RASTA-PLP

Extraction of RASTA-PLP features from a speech signal

Audio –> RastaPlpProcessor –> Features

Implementation of the RASTA-PLP features extraction algorithm (see [labrosa] and [rastapy] for implementations and [Herm94] for the paper).

Examples

Compute RASTA-PLP features on some speech signal:

>>> from shennong.audio import Audio
>>> from shennong.processor.rastaplp import RastaPlpProcessor
>>> audio = Audio.load('./test/data/test.wav')
>>> processor = RastaPlpProcessor(order=8)
>>> features = processor.process(audio)
>>> features.shape
(140, 9)

The output dimension depends on the PLP order parameter:

>>> processor.order = 10
>>> features = processor.process(audio)
>>> features.shape
(140, 11)

References

labrosa

https://labrosa.ee.columbia.edu/matlab/rastamat/

rastapy

https://github.com/mystlee/rasta_py

Herm94

H. Hermansky and N. Morgan, “RASTA processing of speech”, IEEE Trans. on Speech and Audio Proc., vol. 2, no. 4, pp. 578-589, Oct. 1994.

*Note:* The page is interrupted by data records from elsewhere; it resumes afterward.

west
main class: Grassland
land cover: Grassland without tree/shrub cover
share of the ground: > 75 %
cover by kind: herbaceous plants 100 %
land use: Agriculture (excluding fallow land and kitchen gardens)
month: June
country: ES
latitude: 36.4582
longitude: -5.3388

class shennong.processor.rastaplp.RastaPlpProcessor(sample_rate=16000, do_rasta=True, order=8, frame_shift=0.01, frame_length=0.025, dither=1.0, preemph_coeff=0.97, remove_dc_offset=True, window_type='povey', round_to_power_of_two=True, blackman_coeff=0.42, snip_edges=True)[source]

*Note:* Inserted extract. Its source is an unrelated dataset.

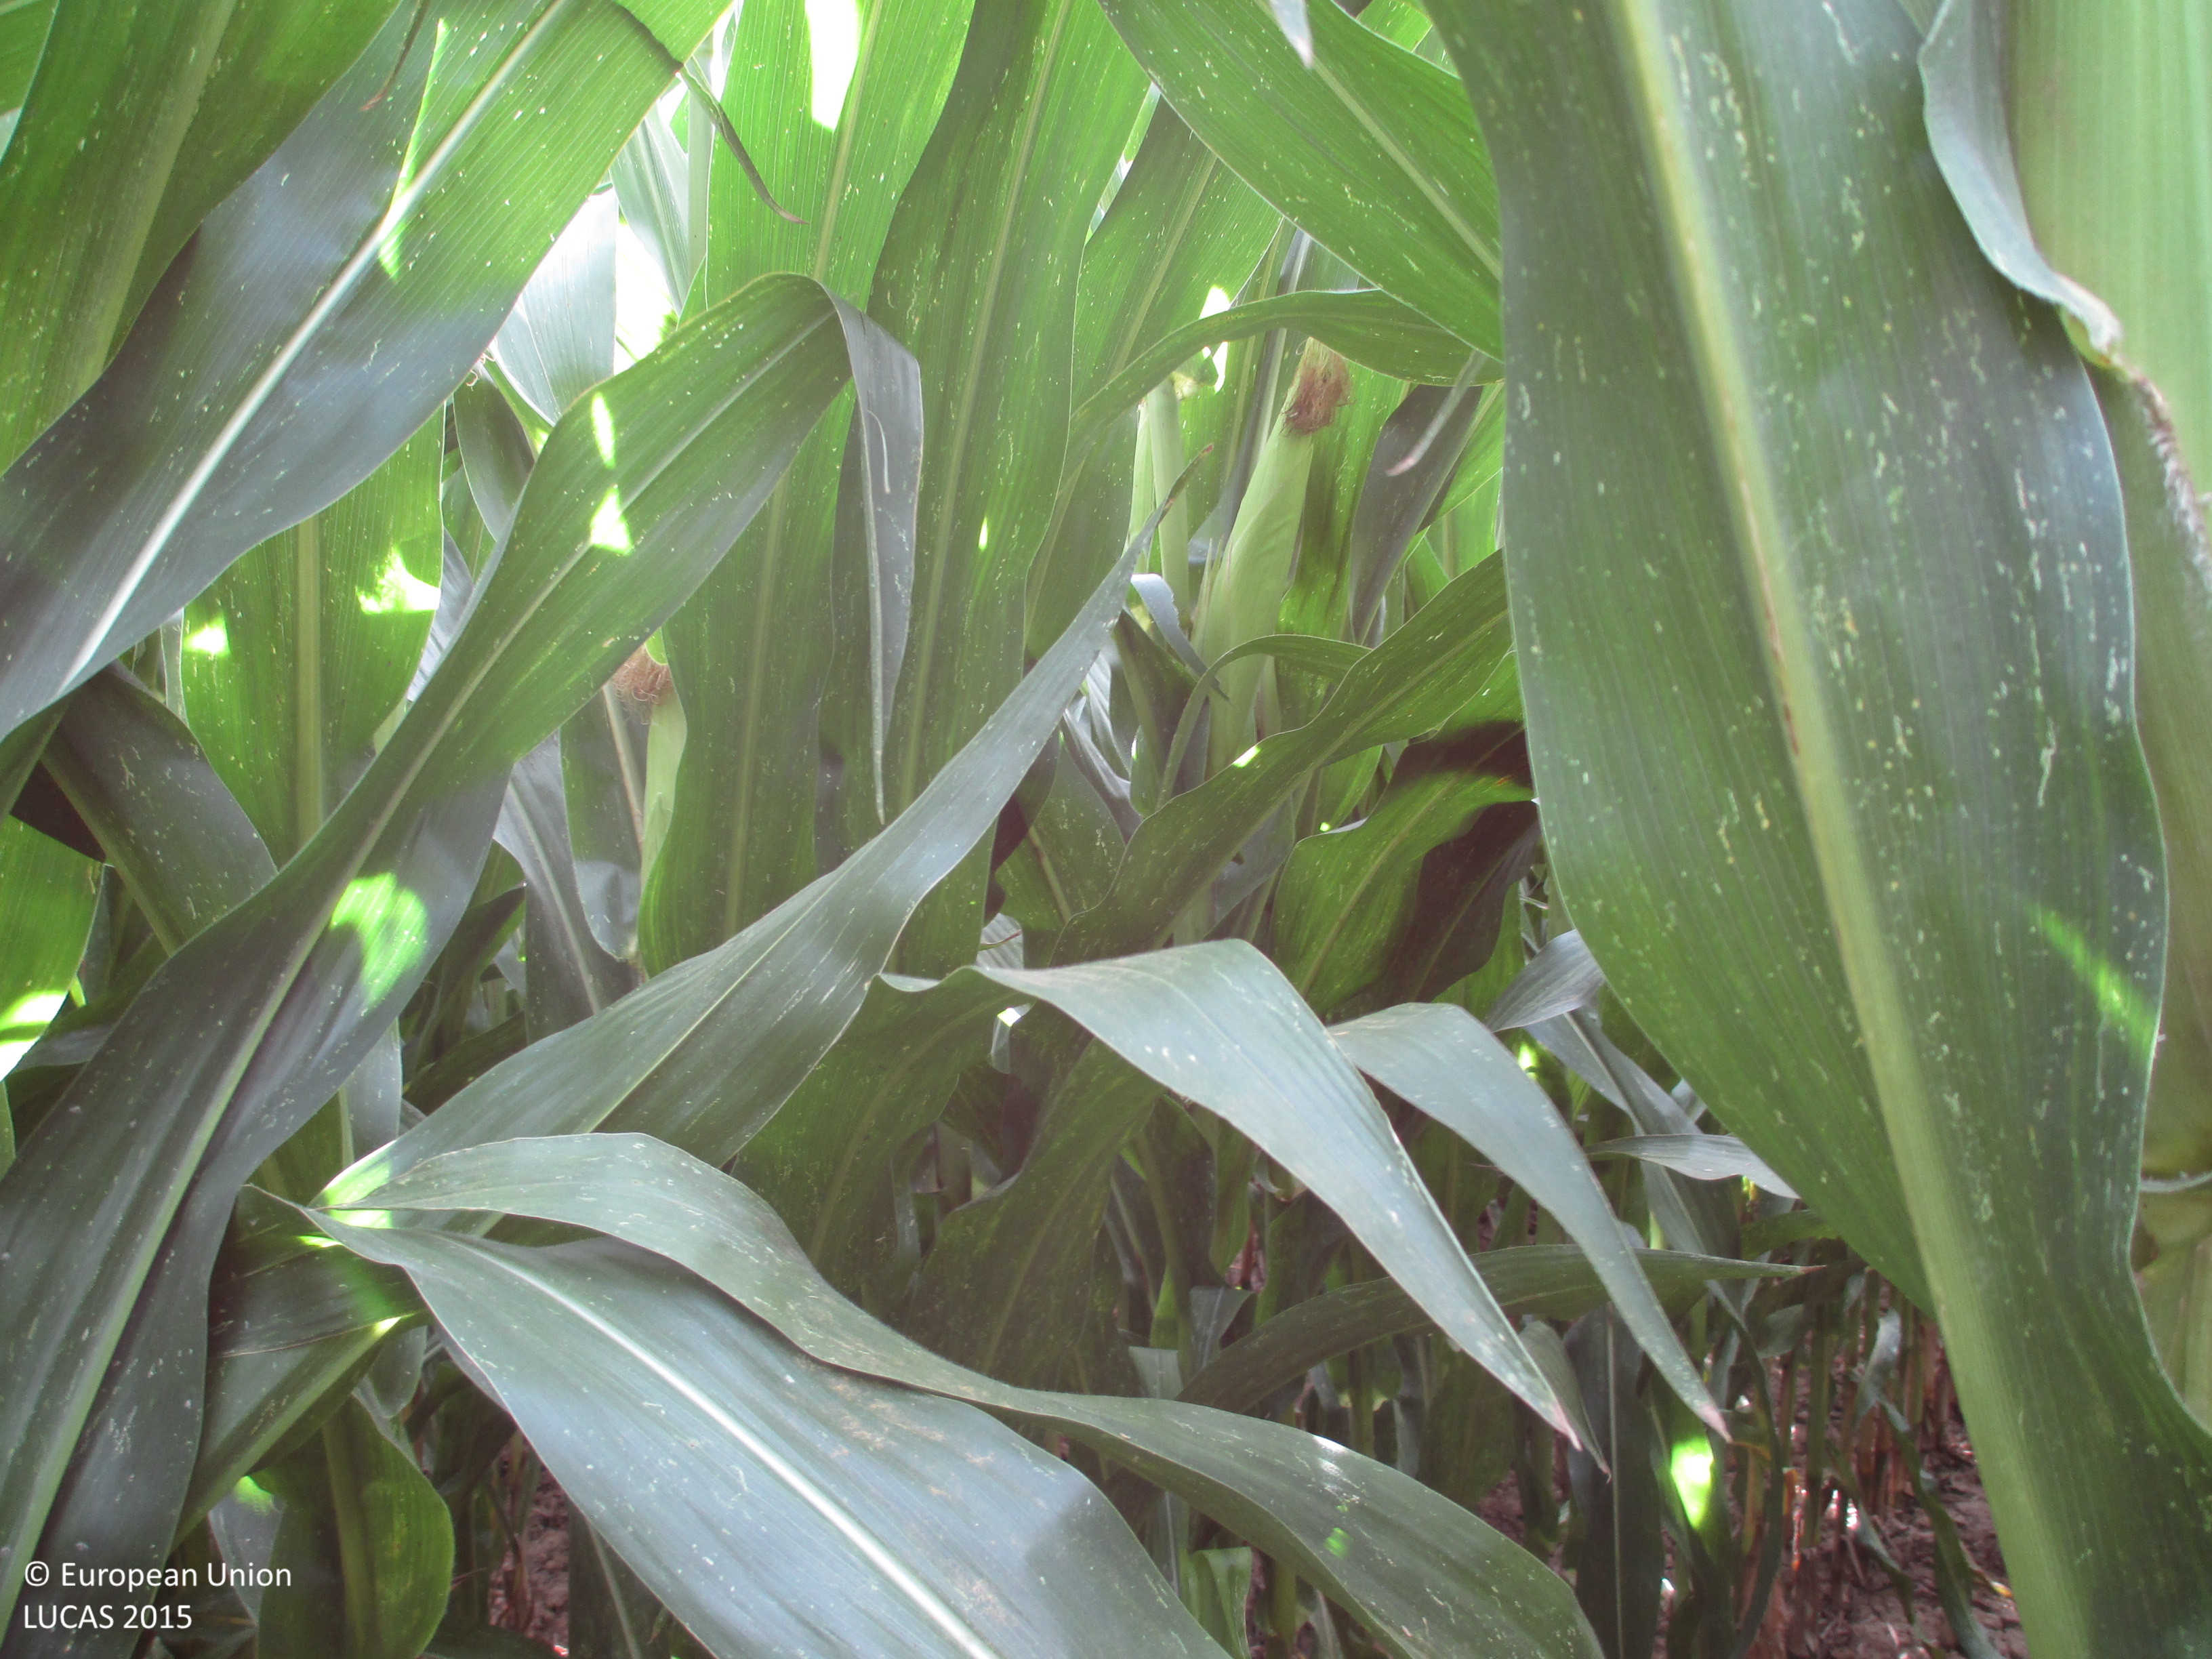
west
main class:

Bases: shennong.processor.base.FramesProcessor

property name

Name of the processor

property ndims

Dimension of the output features frames

property do_rasta

If False, just calculate the PLP, default to True

property blackman_coeff

Constant coefficient for generalized Blackman window

Used only if window_type is ‘blackman’

property dither

Amount of dithering

0.0 means no dither

property frame_length

Frame length in seconds

property frame_shift

Frame shift in seconds

get_params(deep=True)

Get parameters for this processor.

Parameters

deep (boolean, optional) – If True, will return the parameters for this processor and contained subobjects that are processors. Default to True.

Returns

params (mapping of string to any) – Parameter names mapped to their values.

get_properties()

Return the processors properties as a dictionary

property log

Processor logger

property order

Order of the PLP model

Must be an integer in [0, 12], 0 means no PLP

property preemph_coeff

Coefficient for use in signal preemphasis

process_all(signals, njobs=None)

Returns features processed from several input signals

This function processes the features in parallel jobs.

Parameters
  • signals (dict of :class`~shennong.audio.Audio`) – A dictionnary of input audio signals to process features on, where the keys are item names and values are audio signals.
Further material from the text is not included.